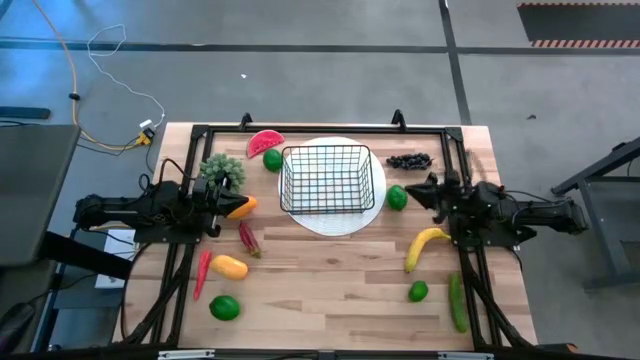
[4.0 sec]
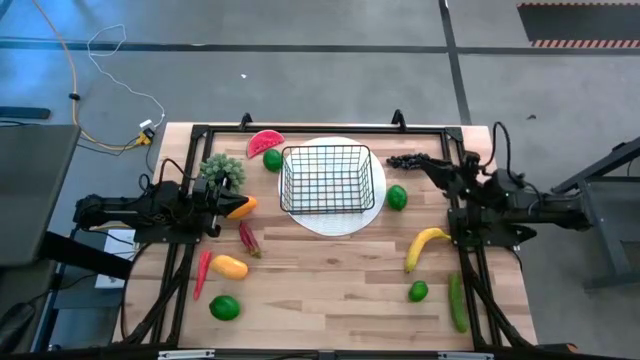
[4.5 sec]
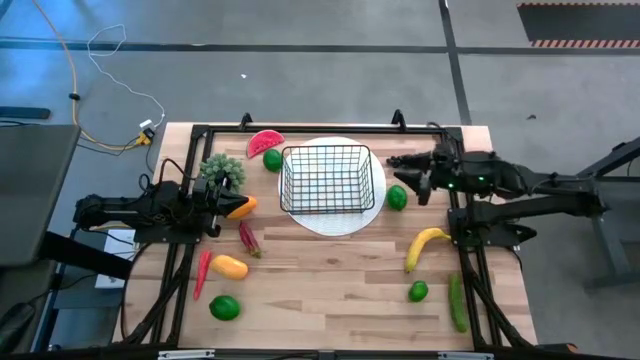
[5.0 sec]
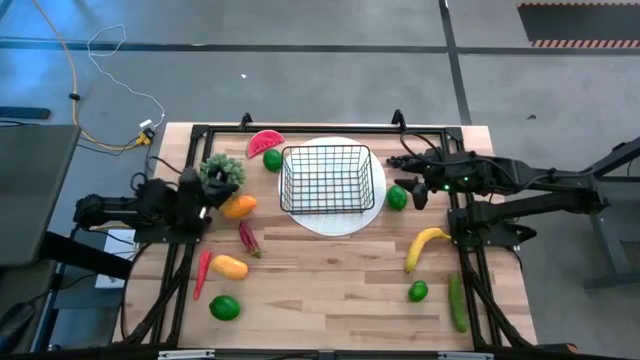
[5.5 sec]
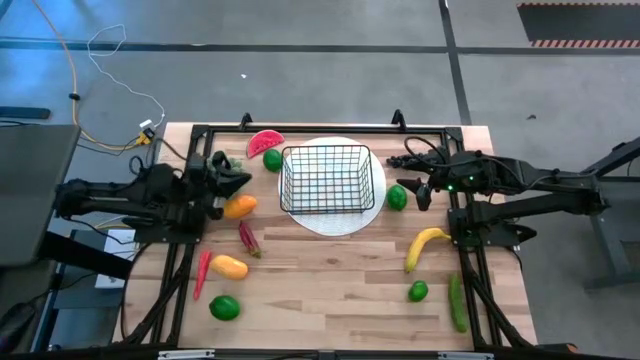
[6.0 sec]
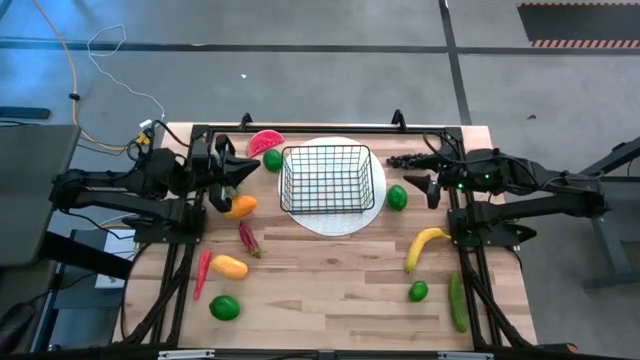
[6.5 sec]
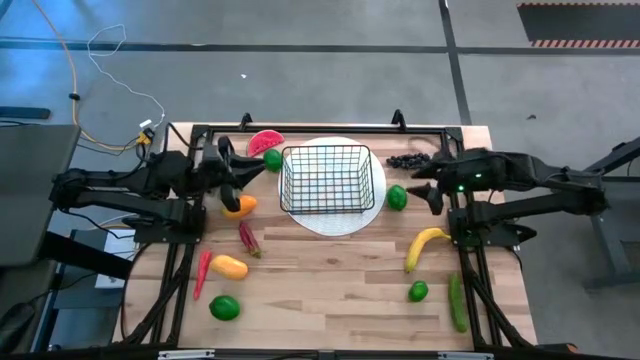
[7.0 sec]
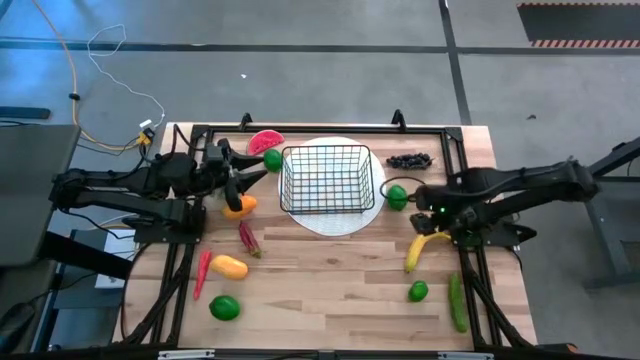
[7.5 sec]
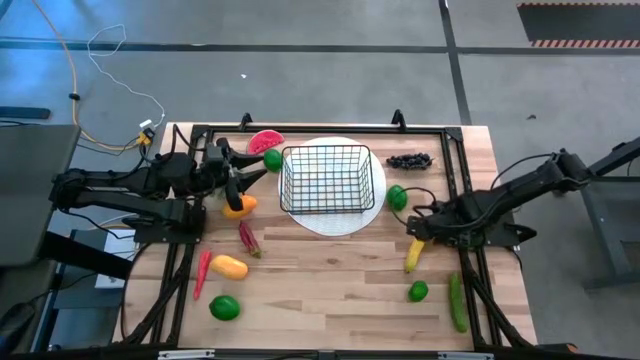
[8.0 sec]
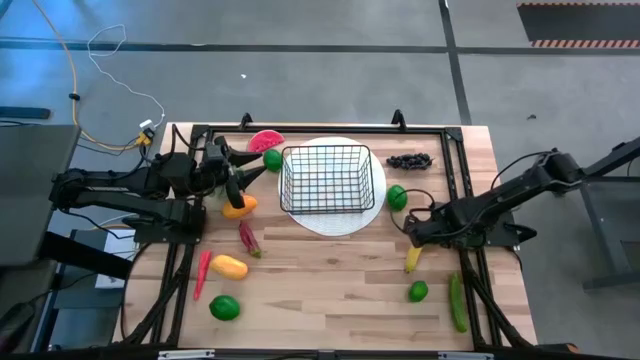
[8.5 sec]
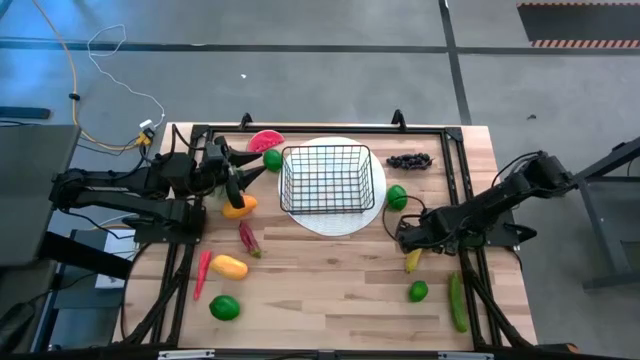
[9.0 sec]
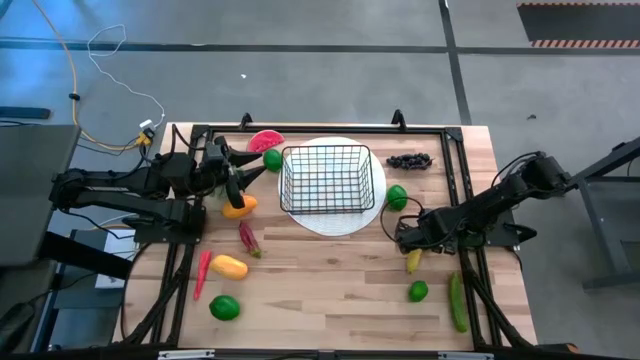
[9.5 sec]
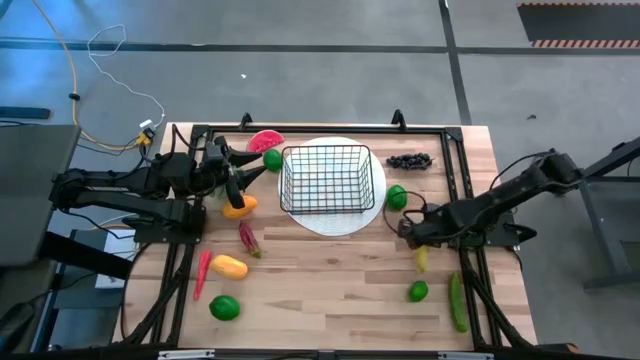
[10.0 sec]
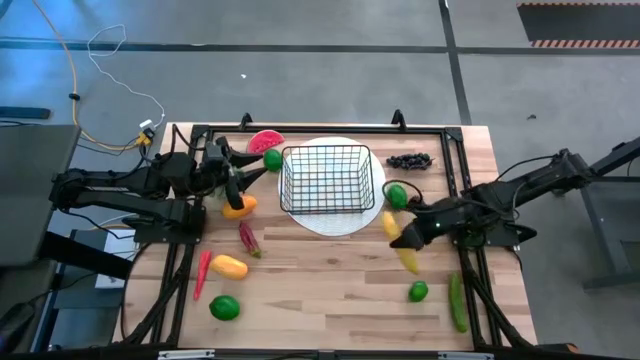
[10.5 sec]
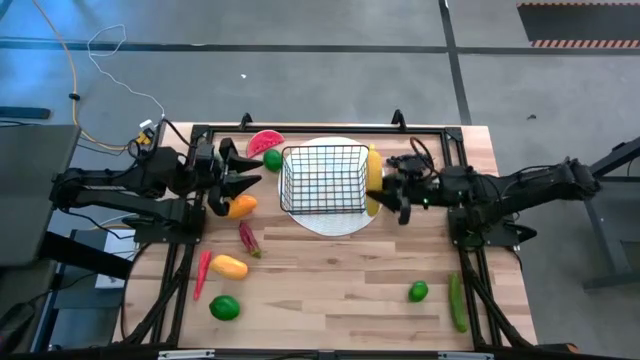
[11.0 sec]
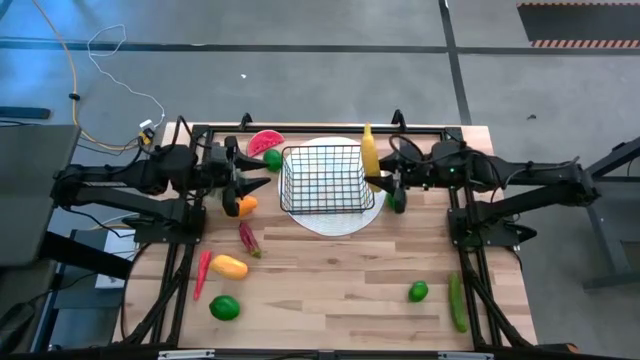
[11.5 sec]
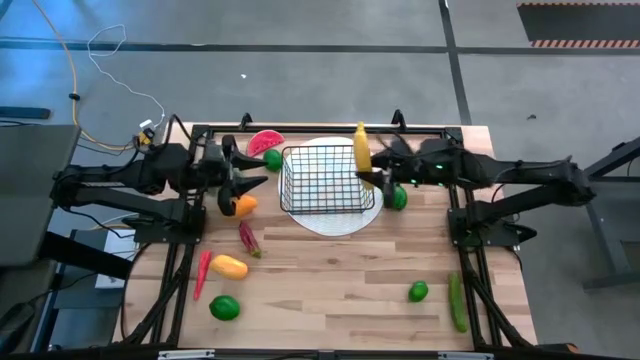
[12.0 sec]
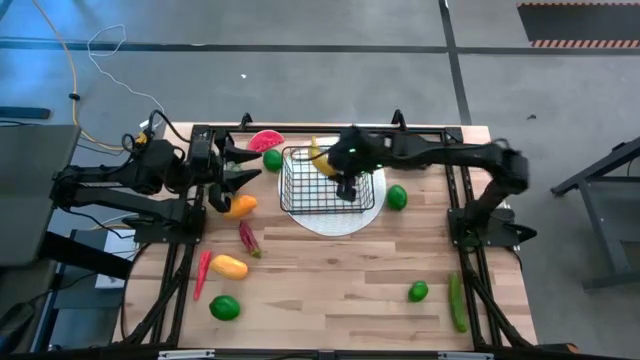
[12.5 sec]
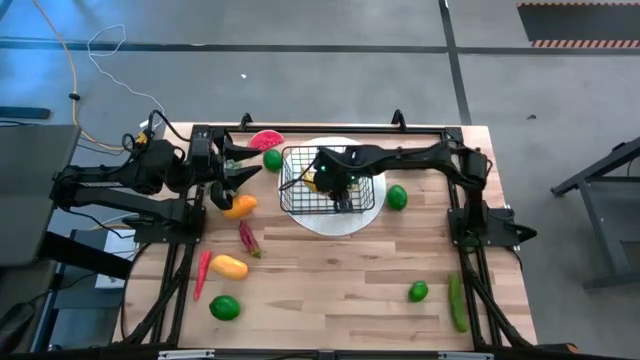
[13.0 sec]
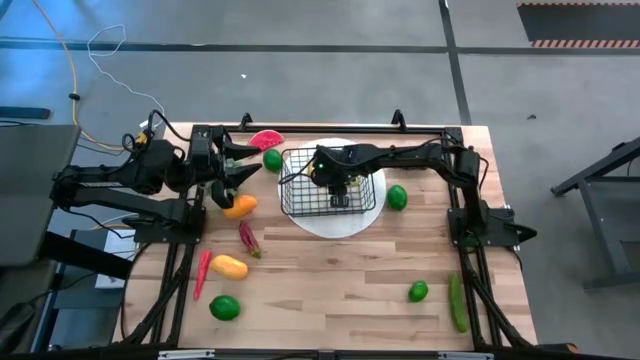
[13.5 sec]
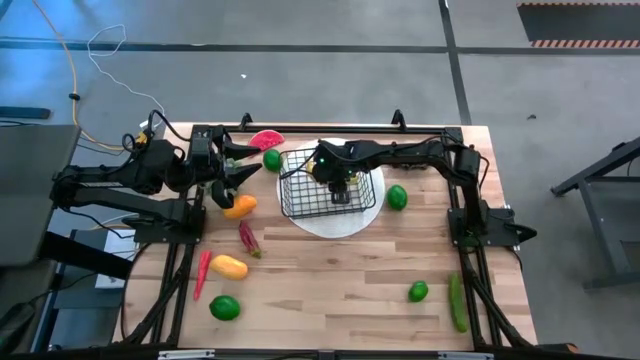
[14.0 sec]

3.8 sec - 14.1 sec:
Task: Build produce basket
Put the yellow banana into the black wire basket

☆ ☆ ☆ ☆ ☆ ☆ ☆

§ **Assignment**
Write out the entries above verbatim; the pictures do not belong in your copy.

§ **Exercise output**
[4.0 sec]
[4.5 sec]
[5.0 sec]
[5.5 sec]
[6.0 sec]
[6.5 sec]
[7.0 sec]
[7.5 sec]
[8.0 sec]
[8.5 sec]
[9.0 sec]
[9.5 sec]
[10.0 sec]
[10.5 sec]
[11.0 sec]
[11.5 sec]
[12.0 sec]
[12.5 sec]
[13.0 sec]
[13.5 sec]
[14.0 sec]

3.8 sec - 14.1 sec:
Task: Build produce basket
Put the yellow banana into the black wire basket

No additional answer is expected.